The one-piece canopy is a bit thick so if you want to show off all that lovely interior detail by opening it up, it may be easier to replace it with a vac-formed example.

The highlight of Valomís kits is often the resin, and this release is no exception. There is a one-piece cockpit floor with the two front sears, side consoles and other items that would be fixed to the floor plus separate gunner's seat, fun stick, roll-over bar, gun sight and rear machine gun. There is also a beautifully detailed radial engine and suitably thin-walled cowling to go over it. 2 two-piece 500lb bombs for the 1942 version and a resin torpedo and cavity in the early one.

 

 

The only disappointment in the resin is the wheels. These are beautifully moulded but with an air bubble in the outside wall of each tyre.
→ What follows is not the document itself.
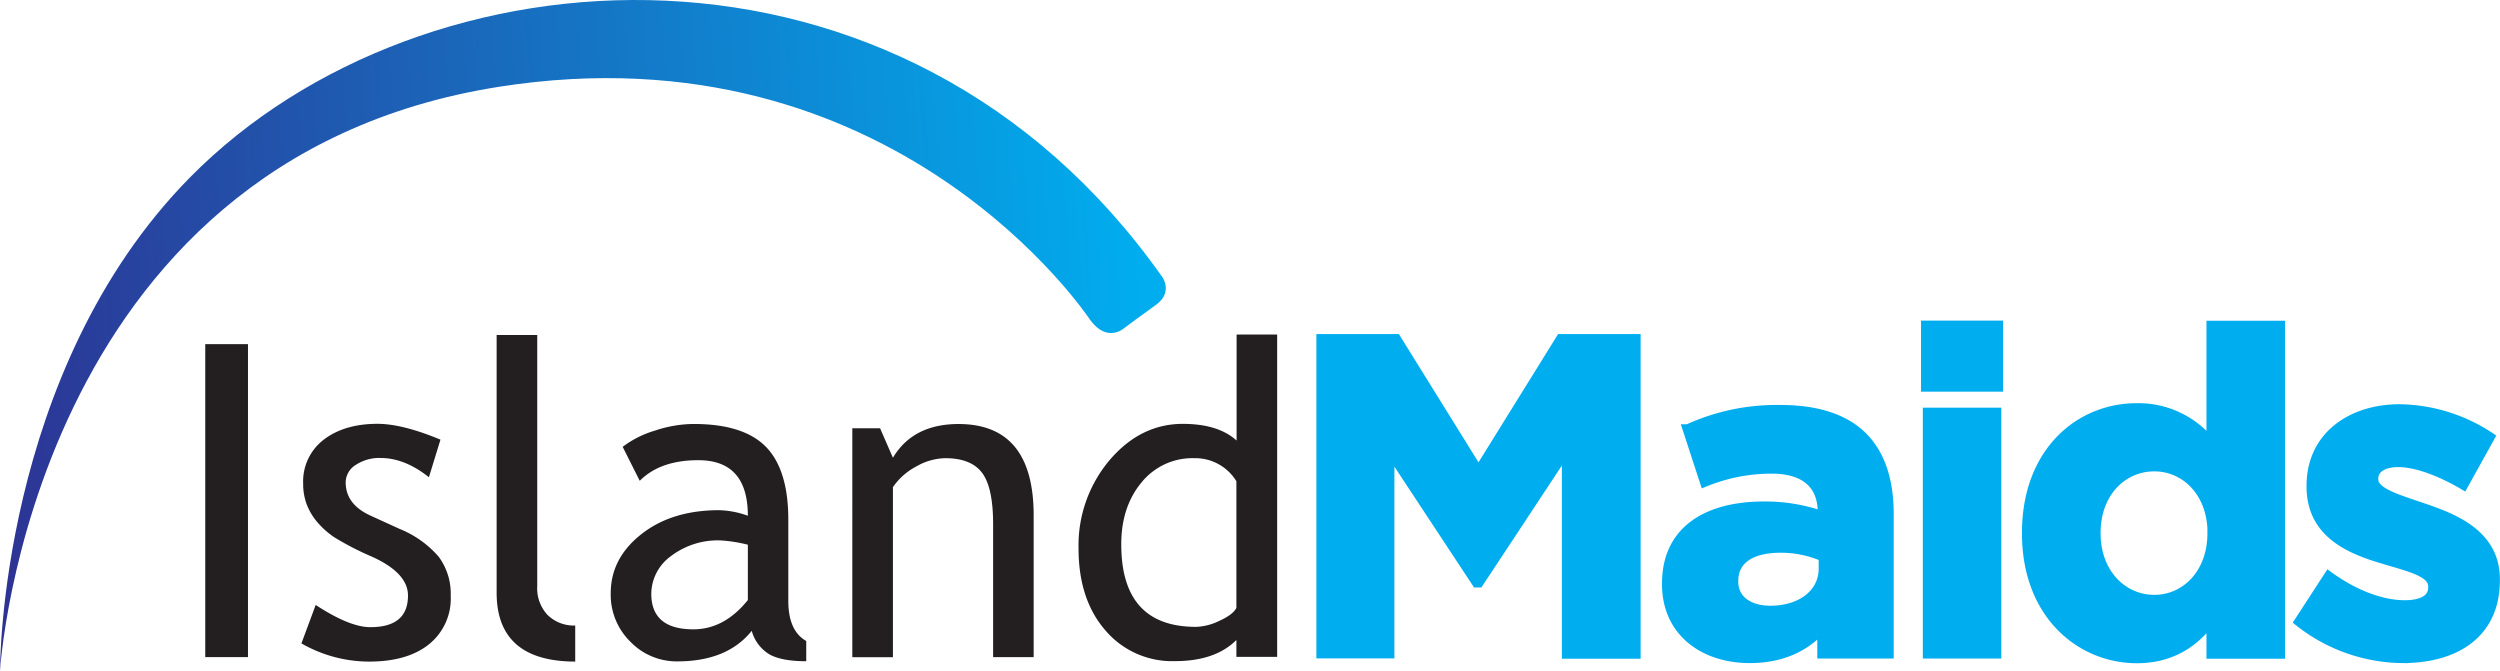 <svg xmlns="http://www.w3.org/2000/svg" xmlns:xlink="http://www.w3.org/1999/xlink" viewBox="0 0 485.12 130.17"><defs><style>.cls-1{fill:url(#linear-gradient);}.cls-2{fill:#231f20;}.cls-3{fill:#00aeef;stroke:#00aeef;stroke-width:2px;}</style><linearGradient id="linear-gradient" x1="264.6" y1="121.69" x2="523.2" y2="121.69" gradientTransform="matrix(0.89, -0.03, 0.08, 1.12, -251.43, -60.12)" gradientUnits="userSpaceOnUse"><stop offset="0" stop-color="#2e3192"/><stop offset="1" stop-color="#00aeef"/></linearGradient></defs><g id="Layer_2" data-name="Layer 2"><g id="Layer_1-2" data-name="Layer 1"><path class="cls-1" d="M0,130.17s5.9-99,96.83-113.33c77-12.1,114.69,45.21,114.69,45.21,3.32,4.58,6.59,1.65,6.59,1.65s2.39-1.81,6.2-4.54c3.34-2.4,1.29-5.32,1.29-5.32C175.25-17.73,82-11.31,36.91,34.38-.27,72.06,0,130.17,0,130.17"/><path class="cls-2" d="M39.83,127.51V66.78h8.29v60.73Z"/><path class="cls-2" d="M58.49,124.85l2.77-7.46q6.6,4.32,10.61,4.31,7.3,0,7.3-6.13,0-4.39-7-7.55a55.8,55.8,0,0,1-7.31-3.77,16.19,16.19,0,0,1-3.28-2.92,11.79,11.79,0,0,1-2.07-3.48,11.21,11.21,0,0,1-.68-4,10.18,10.18,0,0,1,4-8.54q4-3.06,10.41-3.07,4.84,0,12.23,3.07l-2.24,7.3q-4.68-3.74-9.41-3.74A8.23,8.23,0,0,0,69,90.24a4,4,0,0,0-1.92,3.36c0,2.85,1.61,5,4.85,6.47l5.63,2.57A19.83,19.83,0,0,1,85.1,108a12,12,0,0,1,2.36,7.59A11.37,11.37,0,0,1,83.27,125q-4.18,3.37-11.6,3.38A26.42,26.42,0,0,1,58.49,124.85Z"/><path class="cls-2" d="M96.37,115v-50h7.88v48.71a7.59,7.59,0,0,0,2,5.62,7.3,7.3,0,0,0,5.37,2.05v7Q96.37,128.34,96.37,115Z"/><path class="cls-2" d="M145.87,122.41q-4.74,5.93-14.47,5.93a12.47,12.47,0,0,1-9.06-3.8,12.75,12.75,0,0,1-3.83-9.43q0-6.75,5.9-11.42T139.48,99a17.63,17.63,0,0,1,5.64,1.08q0-10.78-9.62-10.78-7.38,0-11.36,4l-3.31-6.59a19.34,19.34,0,0,1,6.2-3.13,24.11,24.11,0,0,1,7.56-1.31q9.66,0,14,4.4t4.38,14v15.91q0,5.85,3.48,7.8v3.93q-4.81,0-7.19-1.36A7.74,7.74,0,0,1,145.87,122.41Zm-.75-16.71a28.84,28.84,0,0,0-5.22-.83,15,15,0,0,0-9.74,3.07,9.12,9.12,0,0,0-3.78,7.26q0,6.92,8.17,6.92,6,0,10.57-5.68Z"/><path class="cls-2" d="M192.71,127.51V101.68q0-7.08-2.14-9.93c-1.42-1.89-3.81-2.84-7.15-2.84a11.7,11.7,0,0,0-5.64,1.62,12.51,12.51,0,0,0-4.51,4v33h-7.88V83.11h5.39l2.49,5.72q3.89-6.54,12.72-6.55,14.59,0,14.59,17.74v27.49Z"/><path class="cls-2" d="M239.92,127.46v-3.27q-4.11,4.11-11.94,4.1a17,17,0,0,1-13.51-6q-5.19-6-5.18-15.91a25.6,25.6,0,0,1,6-17.06q6-7.06,14.22-7.07,6.89,0,10.45,3.24V64.91h7.87v62.55Zm0-34.07a9.34,9.34,0,0,0-8.17-4.48,12.69,12.69,0,0,0-10.26,4.73q-3.92,4.73-3.91,12,0,16.05,14.59,16a11.18,11.18,0,0,0,4.47-1.18c1.74-.79,2.84-1.62,3.28-2.51Z"/><path class="cls-3" d="M256.44,65.83H270.9l16,25.78,16-25.78h14.46v61H304.08V87l-17.16,26h-.34l-17-25.78v39.54H256.44Z"/><path class="cls-3" d="M323.51,113.38v-.17c0-10.19,7.75-14.9,18.81-14.9a33.24,33.24,0,0,1,11.41,1.92v-.78c0-5.49-3.4-8.54-10-8.54a34.31,34.31,0,0,0-12.89,2.53l-3.3-10.11a41.22,41.22,0,0,1,18.11-3.74c7.23,0,12.46,1.91,15.76,5.22,3.49,3.49,5.06,8.63,5.06,14.9v27.08H353.64v-5.05c-3.22,3.57-7.66,5.93-14.11,5.93C330.74,127.67,323.51,122.61,323.51,113.38Zm30.4-3V108a20.65,20.65,0,0,0-8.45-1.74c-5.66,0-9.15,2.26-9.15,6.44v.18c0,3.57,3,5.66,7.23,5.66C349.72,118.52,353.91,115.12,353.91,110.33Z"/><path class="cls-3" d="M373.77,63.21H387.7V75H373.77Zm.35,16.9h13.23v46.68H374.12Z"/><path class="cls-3" d="M393.36,103.54v-.17c0-15.6,10.19-24.13,21.26-24.13a17.9,17.9,0,0,1,14.54,7v-23H442.4v63.58H429.16v-6.7c-3.22,4.35-7.66,7.58-14.54,7.58C403.73,127.67,393.36,119.13,393.36,103.54Zm36,0v-.17c0-7.76-5.14-12.9-11.33-12.9s-11.41,5.06-11.41,12.9v.17c0,7.75,5.23,12.89,11.41,12.89S429.34,111.29,429.34,103.54Z"/><path class="cls-3" d="M446.23,120.61l5.66-8.71c5.06,3.66,10.37,5.57,14.72,5.57,3.84,0,5.58-1.39,5.58-3.48v-.17c0-2.88-4.53-3.84-9.67-5.4-6.53-1.92-13.94-5-13.94-14v-.17c0-9.49,7.67-14.81,17.08-14.81a32.4,32.4,0,0,1,17.42,5.4L478,94c-4.61-2.7-9.23-4.36-12.63-4.36-3.22,0-4.87,1.4-4.87,3.23V93c0,2.61,4.44,3.83,9.49,5.57,6.53,2.18,14.11,5.32,14.11,13.85v.18c0,10.36-7.75,15.07-17.85,15.07A32.71,32.71,0,0,1,446.23,120.61Z"/></g></g></svg>

This shouldn't be hard to fill but you will lose some of the detail in the process.

The PE includes instrument panel, rudder pedals, seat belts, DF loop and torpedo props and fins among others.

There are markings for two aircraft in each kit. The early (1938) covers one each for Saratoga and Lexington in the appropriate pre-war colours and the other (1942) for Wake Island and USS Enterprise in early-war Blue/Grey and Light grey.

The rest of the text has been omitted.